Месяц назад мне пришлось наблюдать очень интересную сцену в нашем местном музее. Это среднего размера Викторианский особняк, хозяева которого, отпраздновав свою бриллиантовую свадьбу и дожив до восьмидесяти с половиной лет, подарили дом городу. Они были столь же большими филантропами, сколько и путешественниками, в результате чего музей напичкан ценностями, картинами и статуями со всего мира, и ещё даже хватило на две-три других галереи. Само здание очень красивое, с закругленными балконами, нежными витражами и цветущим садом, где даже есть небольшой прудик; как будто вида на широкое, необъятное море, было недостаточно. Иначе говоря, сплошное великолепие.
– Как это у вас нет льгот для неимущих? – повысил тон с “раздосадованного” на “грозный” мужчина в фойе. Крупных форм, грудь у него сдувалась и надувалась от причитаний, как воздушный шарик. Девушка на ресепшене, маленькая, с мышиным хвостиком и глазам-полумесяцами, сначала растерялась, а потом показала рукой на доску, где в ряд выстроились однозначные цифры.

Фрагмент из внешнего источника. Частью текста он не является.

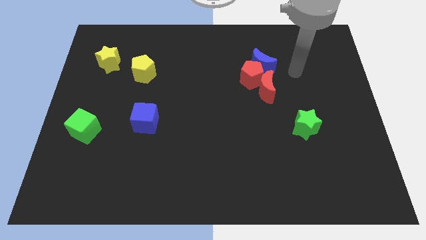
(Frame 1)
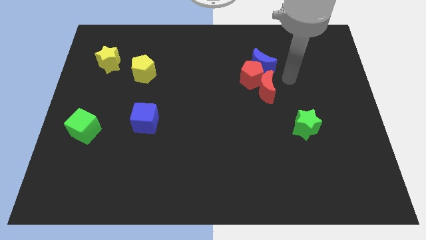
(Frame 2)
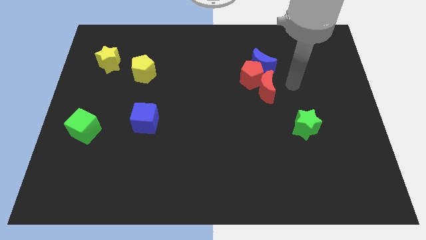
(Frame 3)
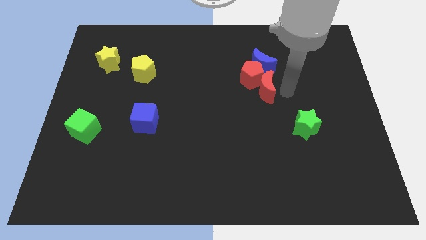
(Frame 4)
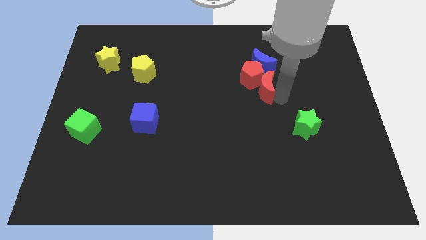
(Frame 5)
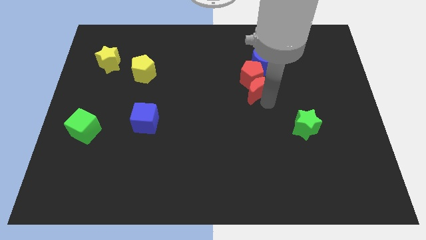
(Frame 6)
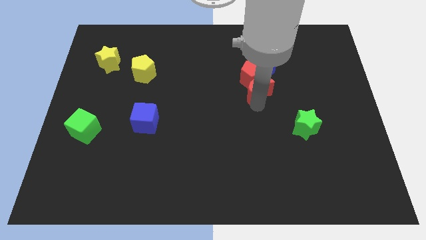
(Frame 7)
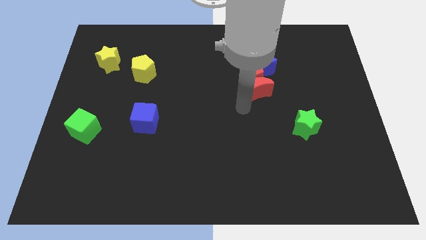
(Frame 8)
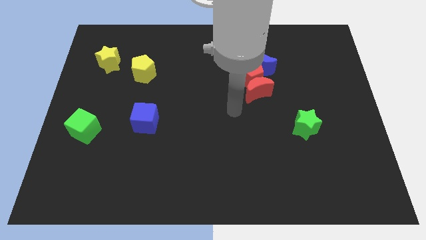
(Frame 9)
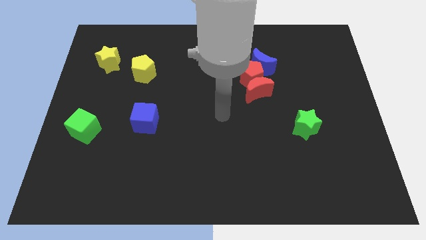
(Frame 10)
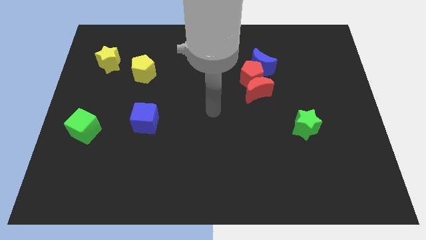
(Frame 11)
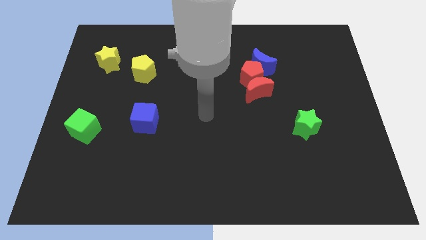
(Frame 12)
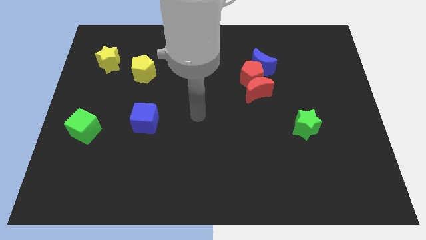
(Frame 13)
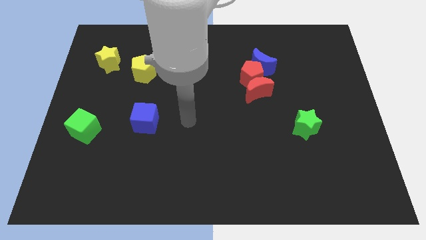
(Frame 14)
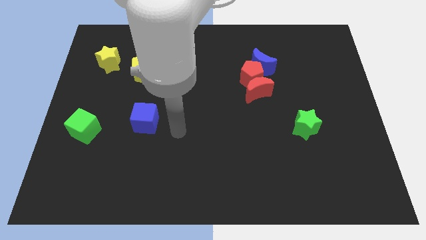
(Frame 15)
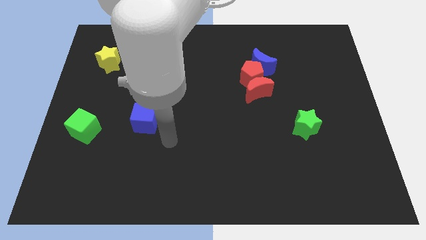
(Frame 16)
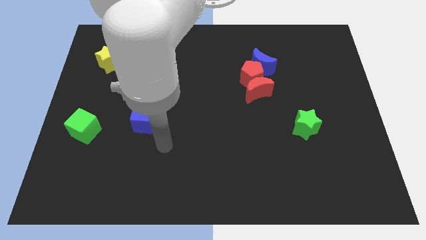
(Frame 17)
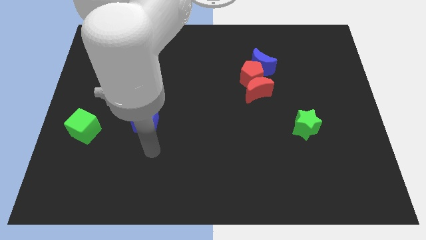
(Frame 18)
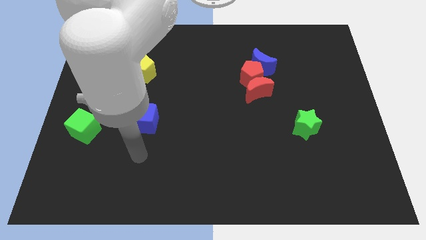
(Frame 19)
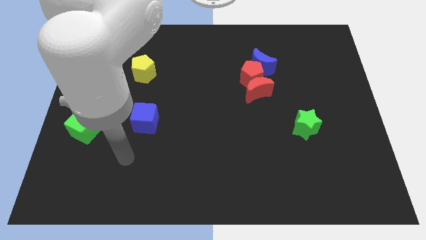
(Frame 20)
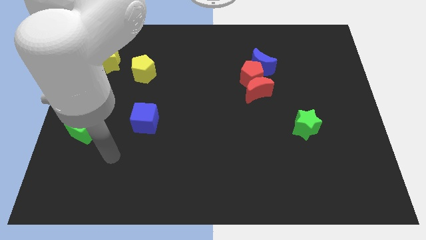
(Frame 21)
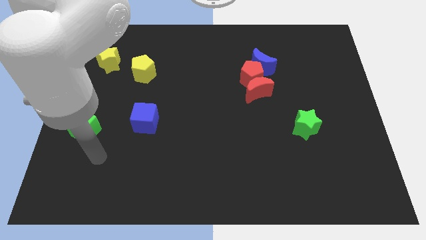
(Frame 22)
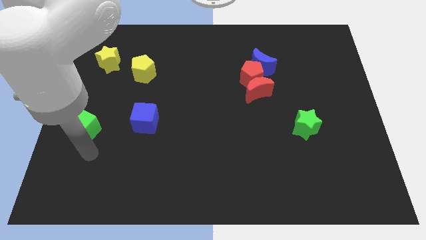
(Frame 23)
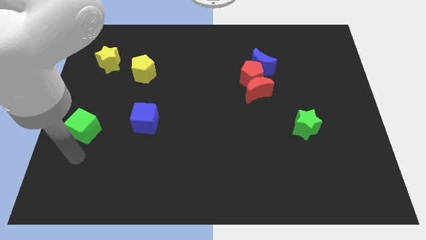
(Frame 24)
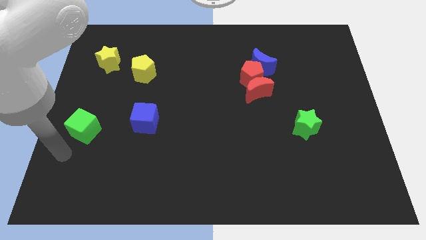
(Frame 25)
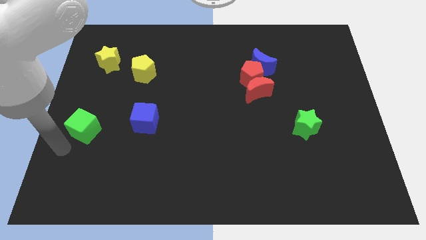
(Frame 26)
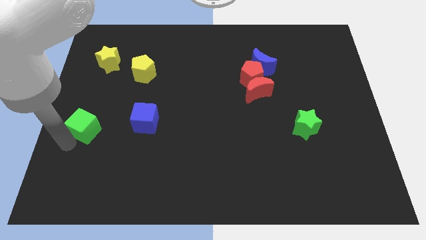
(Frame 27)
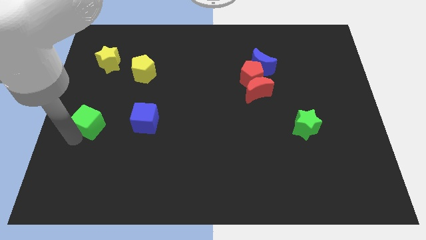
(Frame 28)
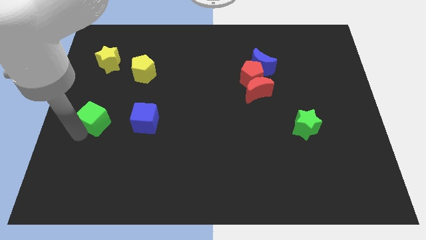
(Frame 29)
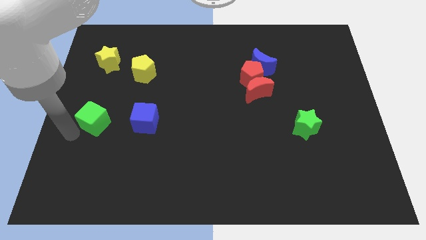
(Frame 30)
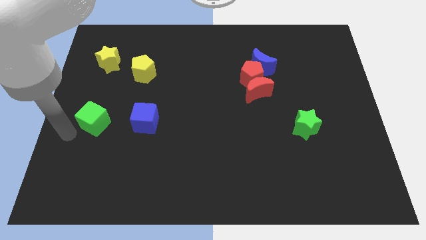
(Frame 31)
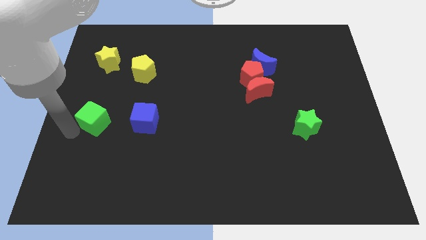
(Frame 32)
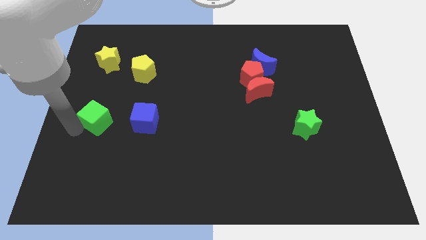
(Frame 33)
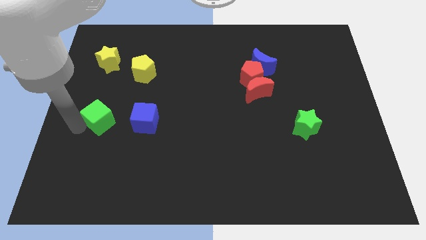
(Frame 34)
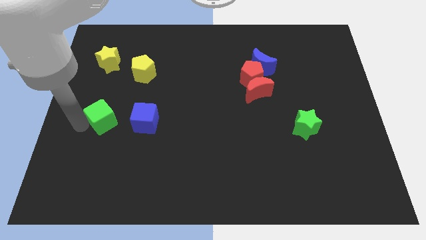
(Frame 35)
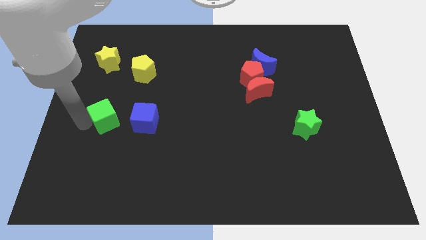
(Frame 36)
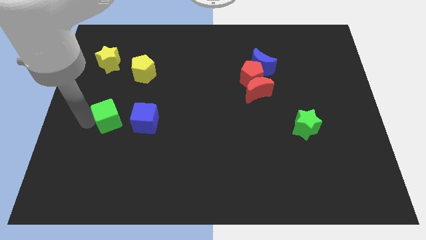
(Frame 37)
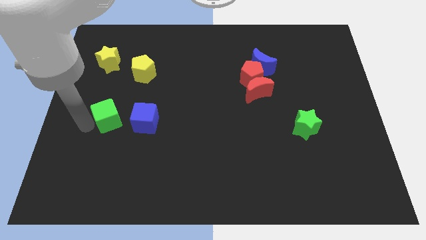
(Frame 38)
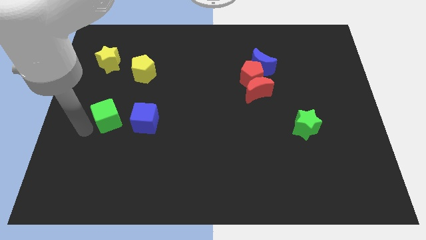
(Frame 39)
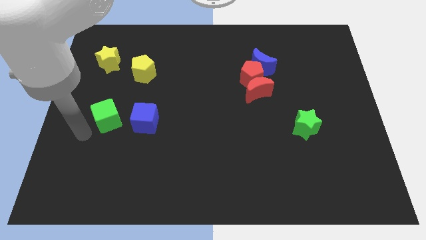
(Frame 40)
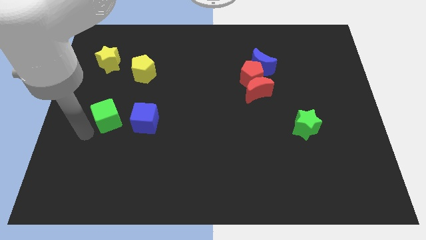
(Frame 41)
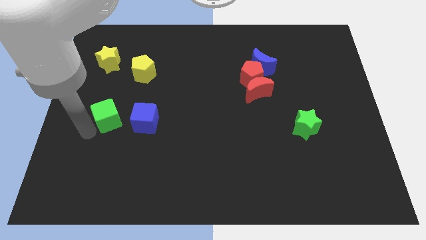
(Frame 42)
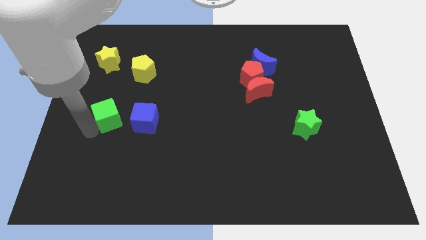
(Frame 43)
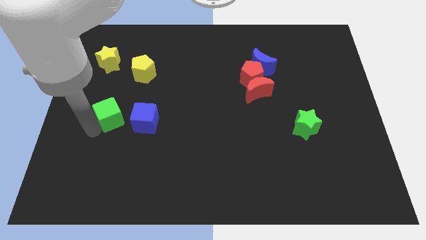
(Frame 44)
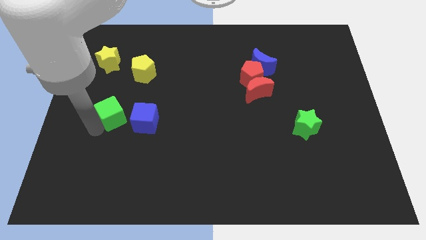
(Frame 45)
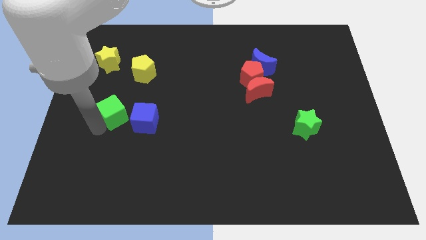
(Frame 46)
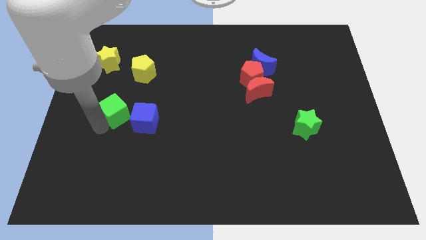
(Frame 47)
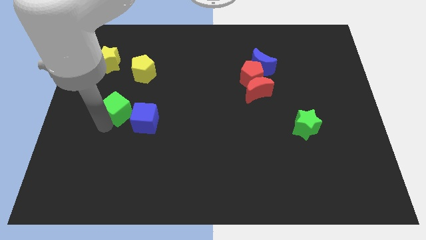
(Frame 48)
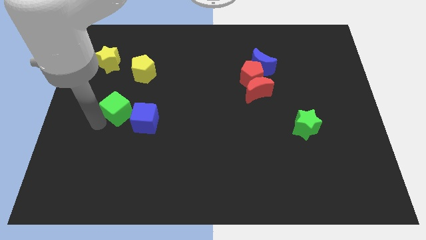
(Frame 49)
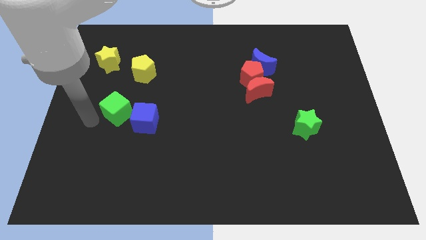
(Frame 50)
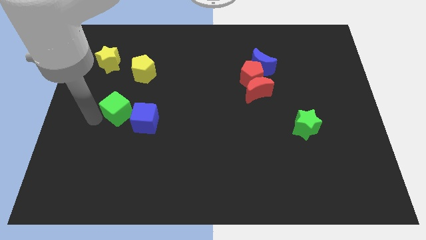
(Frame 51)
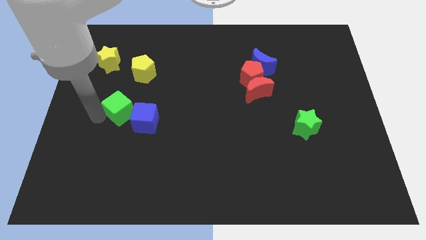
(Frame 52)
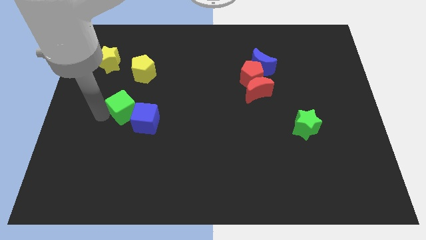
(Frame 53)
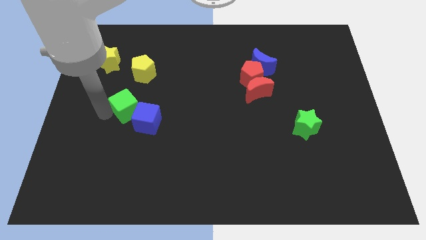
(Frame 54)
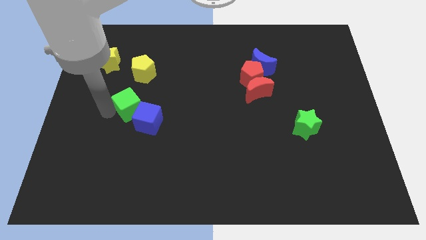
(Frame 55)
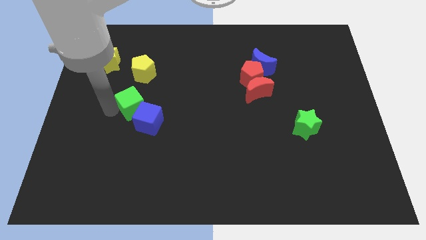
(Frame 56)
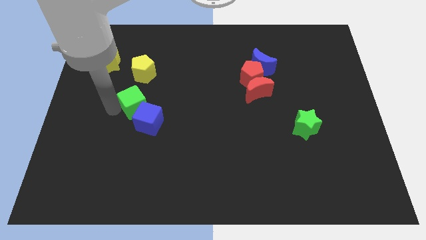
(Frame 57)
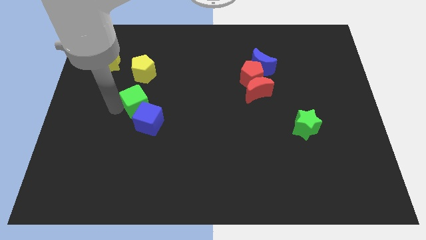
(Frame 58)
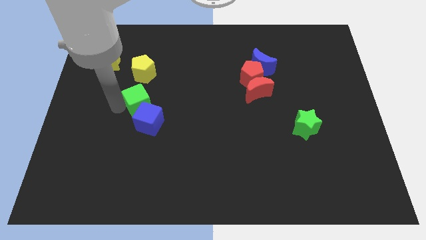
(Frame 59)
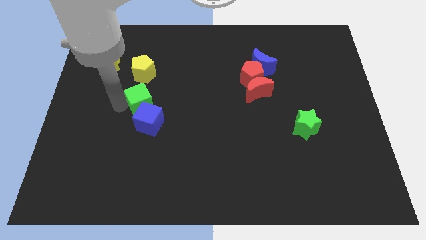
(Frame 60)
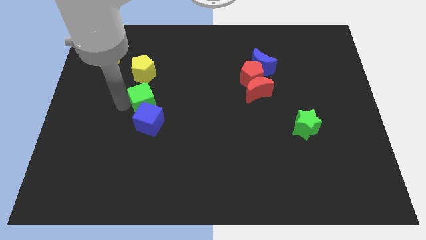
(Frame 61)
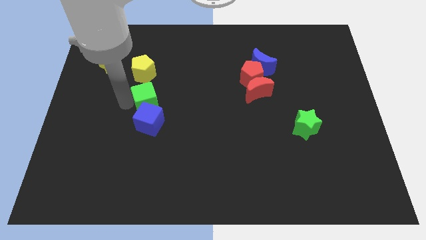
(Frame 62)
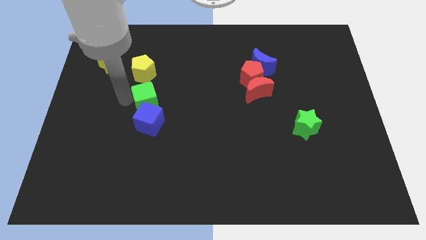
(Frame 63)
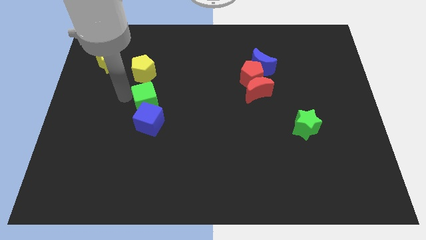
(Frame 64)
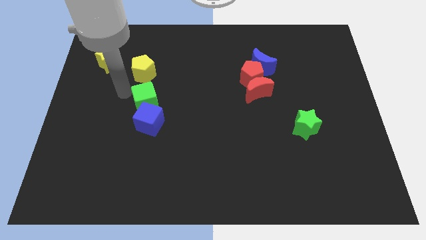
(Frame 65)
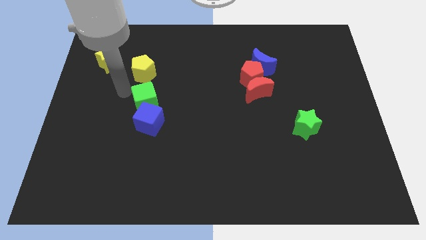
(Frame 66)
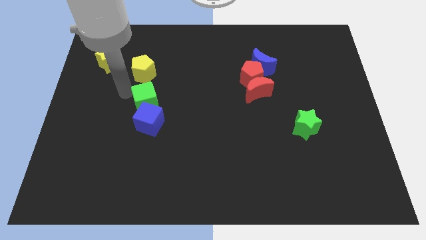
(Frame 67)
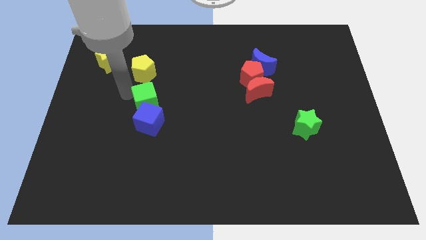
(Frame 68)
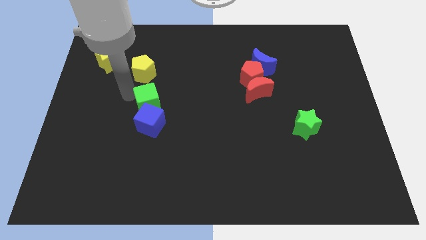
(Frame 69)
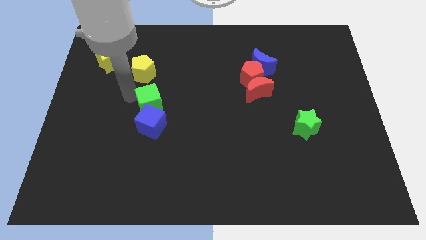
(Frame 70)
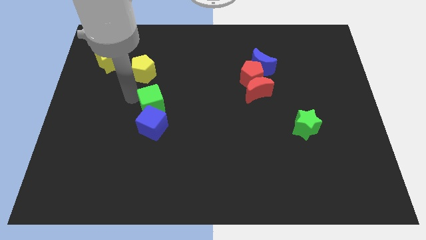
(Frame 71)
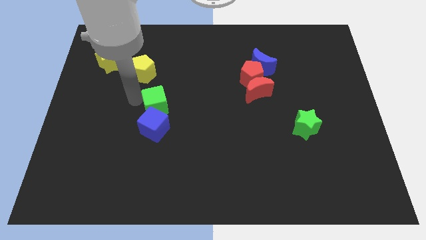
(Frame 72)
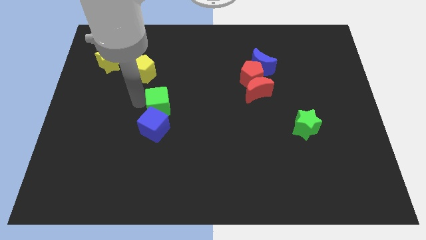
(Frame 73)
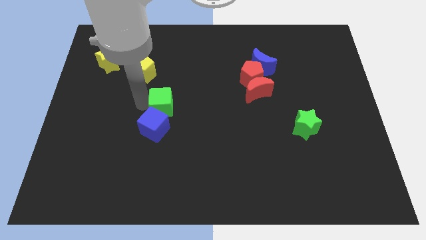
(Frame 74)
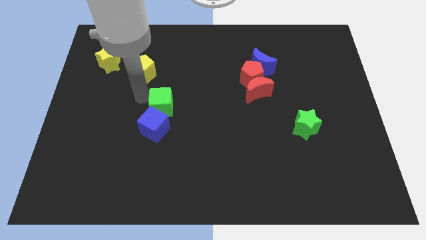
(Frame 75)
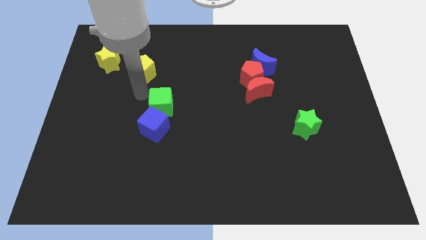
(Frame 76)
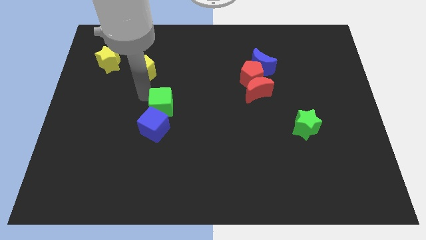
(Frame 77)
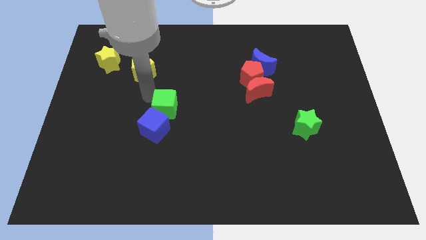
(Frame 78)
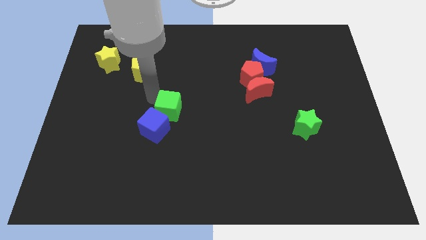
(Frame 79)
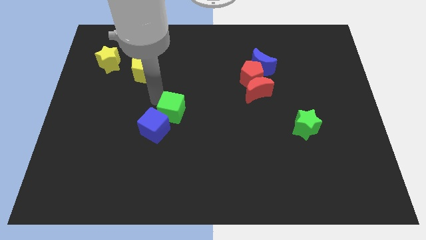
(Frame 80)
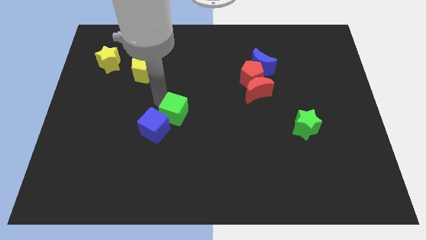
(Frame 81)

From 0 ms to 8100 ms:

– Почему же, сэр, у нас есть расценки и для пенсионеров, и для детей, и для групп…
– А если у неё 8 детей? И каждому нужен билет? И при этом на стол положить нечего?
Было совершенно непонятно, про какую “она” идёт речь – про знакомую или выдуманную, – но я покосилась на доску, висевшую прямо за спиной. Негодование мужчины нарастало вместе с нашей неловкостью – моей, дамы, сидевшей на стульчике, и, конечно, девушки с ресепшена.
– Почему бы Вам не… – её голос потухал прежде, чем достигал конца предложения. А если боролся за своё право быть услышанным – тут же утопал в басе мужчины.
– Искусство должно быть бесплатным! У нас такой богатый округ, а абонементов для малоимущих – нет! Что же теперь, только среднему классу смотреть на картины?
– Но мы содержимся на пожертвования, сэр…
То было правдой. Сложно представить расход целого музея, не нарисовав в голове крупную сумму: это же всё, от реставрации до аренды картин (в зале есть ещё и непостоянная коллекция), не говоря уже про персонал, которому тоже нужно, что положить на стол. Даже содержание постоянной коллекции – уход за статуями, чистка серебра, ревизия и прочее – иногда поверяли волонтерам, а это наверняка говорит о состоянии их кошелька.
Конечно, искусство должно быть доступным, по мере возможности и с уважением к труду; я согласна с этим почти абсолютно! Даже больше скажу, это был главный принцип моего любимого художника, чей труд мне посчастливилось увидеть именно благодаря этому музею. Но тон мужчины никак не соответствовал, или помогал, его намерениям. Он продолжил своей шум ещё минуты три, и каждую из них я провела в попытке понять, как правильно себя повести в этой ситуации… Чего-то не хватало, что-то я забыла, и моя память упрямо не выдавала что…
И, как обычно бывает, ответ на этот вопрос появился, как только в фойе снова стало тихо. Книга жалоб и предложений. Чёртова книга жалоб и предложений.
Какой смысл орать на девушку с ресепшена? Попросить увидеть менеджера – это одно дело, но она-то, скорее всего, и в лицо и не знает тех, кто наверху? Ну скажет она своему коллеге – тому, что ступень или две повыше, – что приходило такой-секой, поднял шум по энному делу. Они, наверное, пожмут плечами, да дальше пойдут щёточками пыль со статуй счищать.
В то время как голос посетителя – не в фойе, а в бумажной форме, – имеет хоть какой-то вес. Это всё ещё эхо в пещеру, да, хоть какая-то попытка исправить положение. Особенно в век интернета, когда компании расширяют соц. платформы и гоняются за отзывами на tripadvisor, – в кафе, где я покупаю чай, работники всегда говорят, что лучший способ помочь бариста, это проголосовать за них на сайте. Не говоря уже о том, что музей заинтересован (вроде как) услышать предложения – на недавней июньской выставке вывесили банер “помогите нам улучшить для следующего раза”, а под ним стенд с бумагой и десятью ручками (которыми я воспользовалась, потому что ЛГБТ у нас, это (лесбиянки), ~ГЕИ~ и балетные тапочки, наверное).
(плюс какой-то идиот додумался повесить картину Адама и Евы, но тут без комментариев)
В общем, к чему веду… Не люблю слово “праведный”, но заслуженный, уместный гнев обязан служить либо просвещению, либо перемене. Нет смысла сотрясать воздух, если при этом оставляешь реальный шанс на улучшение обстоятельств нетронутым. Любая эмоция это вода, которой нужен водопровод. Ты можешь хлестать целый день, но пока не построишь канал, будет одна лишь грязь.